テンプレート パッケージをインストールする
テンプレート パッケージをインストールするには、dotnet new install コマンドを使います。
nuget.org に保存されている NuGet パッケージからテンプレート パッケージをインストールするには
テンプレート パッケージをインストールするには、NuGet パッケージ識別子を使います。
dotnet new install <NUGET_PACKAGE_ID>
カスタム NuGet ソースからテンプレート パッケージをインストールするには
カスタム NuGet ソースを指定します (例: https://api.my-custom-nuget.com/v3/index.json
)。
dotnet new install <NUGET_PACKAGE_ID> --nuget-source <SOURCE>
ローカル nupkg ファイルからテンプレート パッケージをインストールするには
.nupkg NuGet パッケージ ファイルに対するパスを指定します。
dotnet new install <PATH_TO_NUPKG_FILE>
ファイル システム ディレクトリからテンプレート パッケージをインストールするには
テンプレートはテンプレート フォルダーからインストールできます (前の例の mytemplate1 フォルダーなど)。 .template.config フォルダーのフォルダー パスを指定します。 テンプレート ディレクトリへのパスは、絶対パスである必要はありません。
dotnet new install <FILE_SYSTEM_DIRECTORY>
インストールされているテンプレート パッケージの一覧を取得する
他のパラメーターを何も指定しない uninstall コマンドでは、インストールされているすべてのテンプレート パッケージおよび含まれているテンプレートの一覧が表示されます。
dotnet new uninstall
そのコマンドでは、次のような出力が返されます。
Currently installed items:
Microsoft.Azure.WebJobs.ProjectTemplates
Version: 4.0.1942
Details:
Author: Microsoft
NuGetSource: https://api.nuget.org/v3/index.json
Templates:
Azure Functions (func) C#
Azure Functions (func) F#
Uninstall Command:
dotnet new uninstall Microsoft.Azure.WebJobs.ProjectTemplates
...
Currently installed items:
の後の第 1 レベルの項目は、テンプレート パッケージのアンインストールで使われる識別子です。 また、前の例では、Microsoft.Azure.WebJobs.ProjectTemplates
が表示されています。 ファイル システム パスを使ってテンプレート パッケージをインストールした場合、この識別子は .template.config フォルダーのフォルダー パスです。 dotnet new install
を使用してインストールされたテンプレート パッケージのみが一覧に表示されます。 .NET SDK に組み込まれているテンプレート パッケージは表示されません。
テンプレート パッケージをアンインストールする
テンプレート パッケージをアンインストールするには、dotnet new uninstall コマンドを使います。
NuGet フィードまたは直接 .nupkg ファイルでパッケージをインストールした場合は、識別子を指定します。

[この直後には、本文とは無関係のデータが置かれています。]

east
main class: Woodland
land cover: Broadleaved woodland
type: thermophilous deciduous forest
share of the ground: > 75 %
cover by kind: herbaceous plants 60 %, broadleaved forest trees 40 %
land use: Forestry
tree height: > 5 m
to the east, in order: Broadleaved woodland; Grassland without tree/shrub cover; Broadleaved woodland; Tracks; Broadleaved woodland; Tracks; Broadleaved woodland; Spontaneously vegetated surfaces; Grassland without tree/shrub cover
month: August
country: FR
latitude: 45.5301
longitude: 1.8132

dotnet new uninstall <NUGET_PACKAGE_ID>
.template.config フォルダーに対するパスを指定してパッケージをインストールした場合は、そのパスを使ってパッケージをアンインストールします。 テンプレート パッケージの絶対パスは、dotnet new uninstall
コマンドによって提供される出力で確認できます。 詳しくは、インストールされているテンプレートの一覧の取得に関するセクションを参照してください。

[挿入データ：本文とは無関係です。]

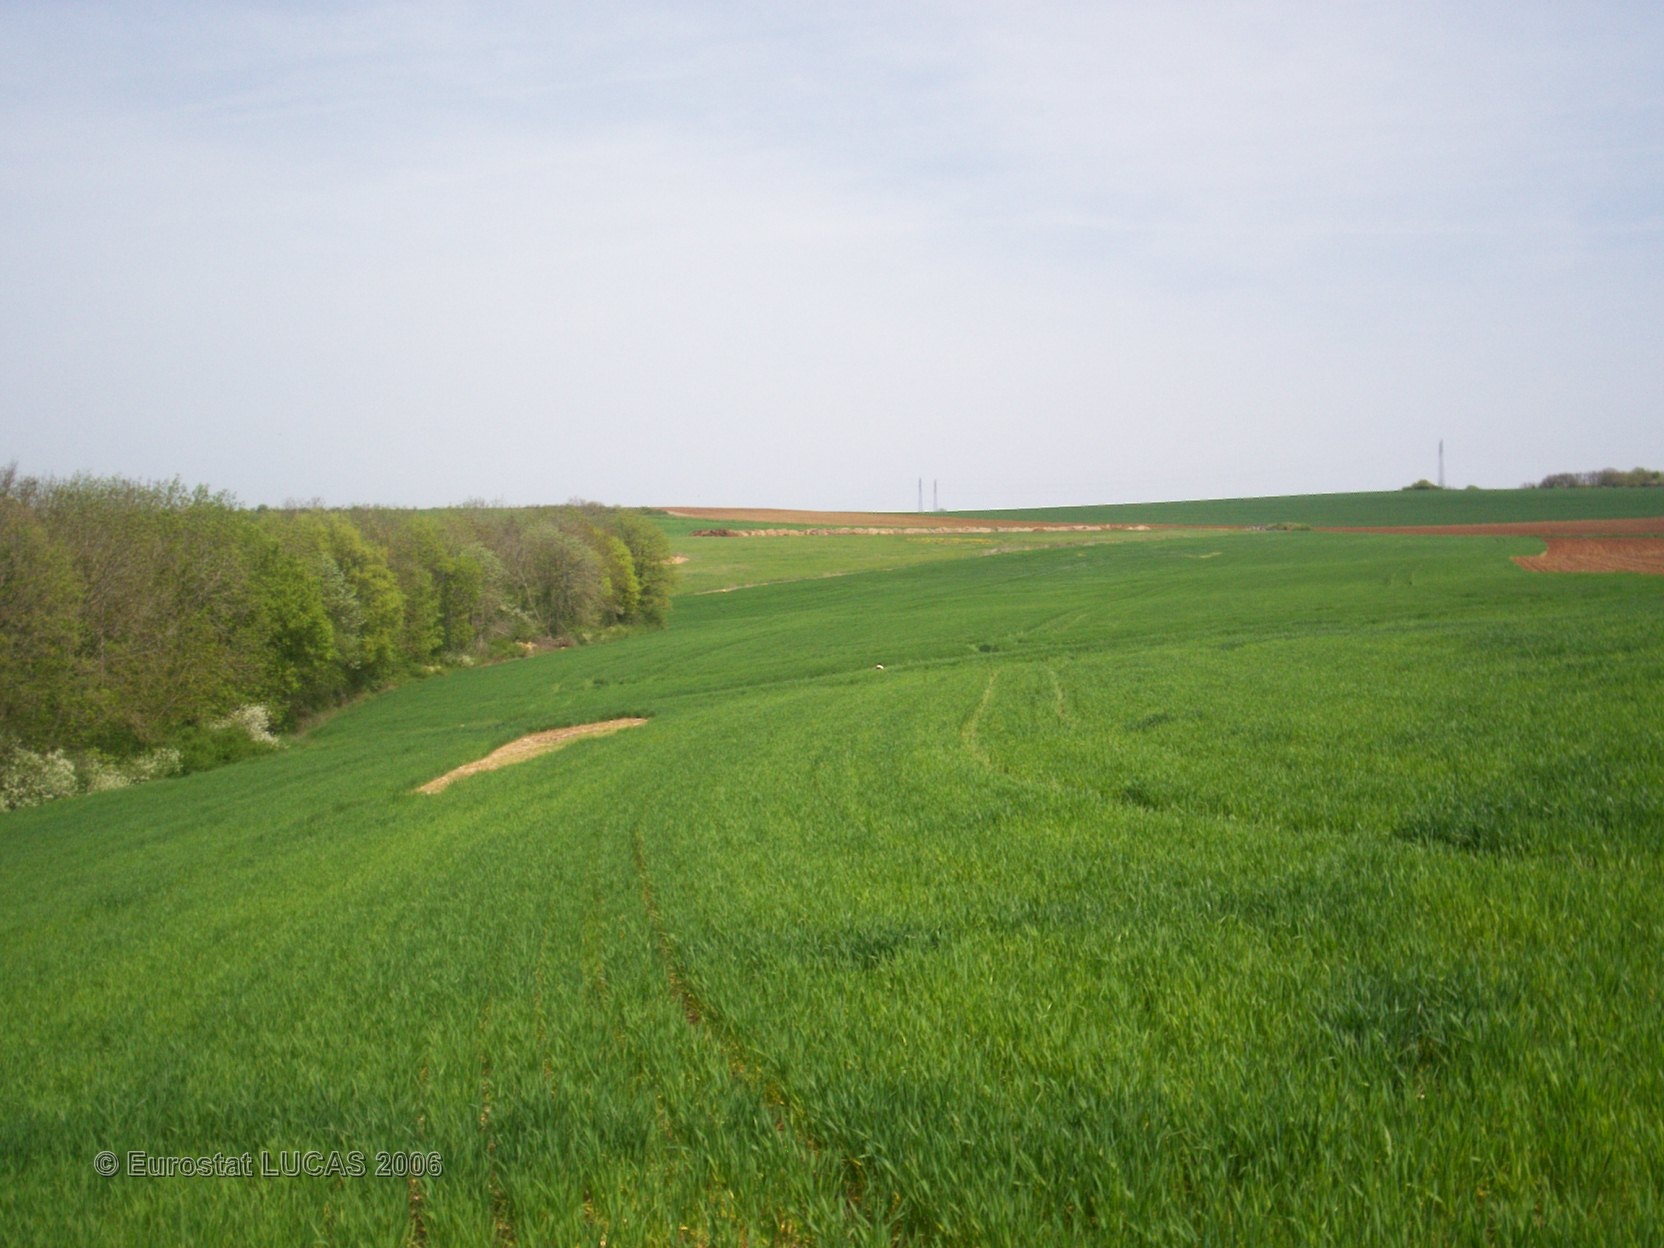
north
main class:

dotnet new uninstall <FILE_SYSTEM_DIRECTORY>
カスタム テンプレートを利用してプロジェクトを作成する
テンプレートがインストールされたら、事前インストールされている他のテンプレートの場合と同様に、dotnet new <TEMPLATE>
コマンドを実行してテンプレートを使用します。 テンプレートの設定で構成したテンプレート固有のオプションなど、オプションを dotnet new
コマンドに対して指定することもできます。 テンプレートの省略名 (短い名前) をコマンドに直接指定します。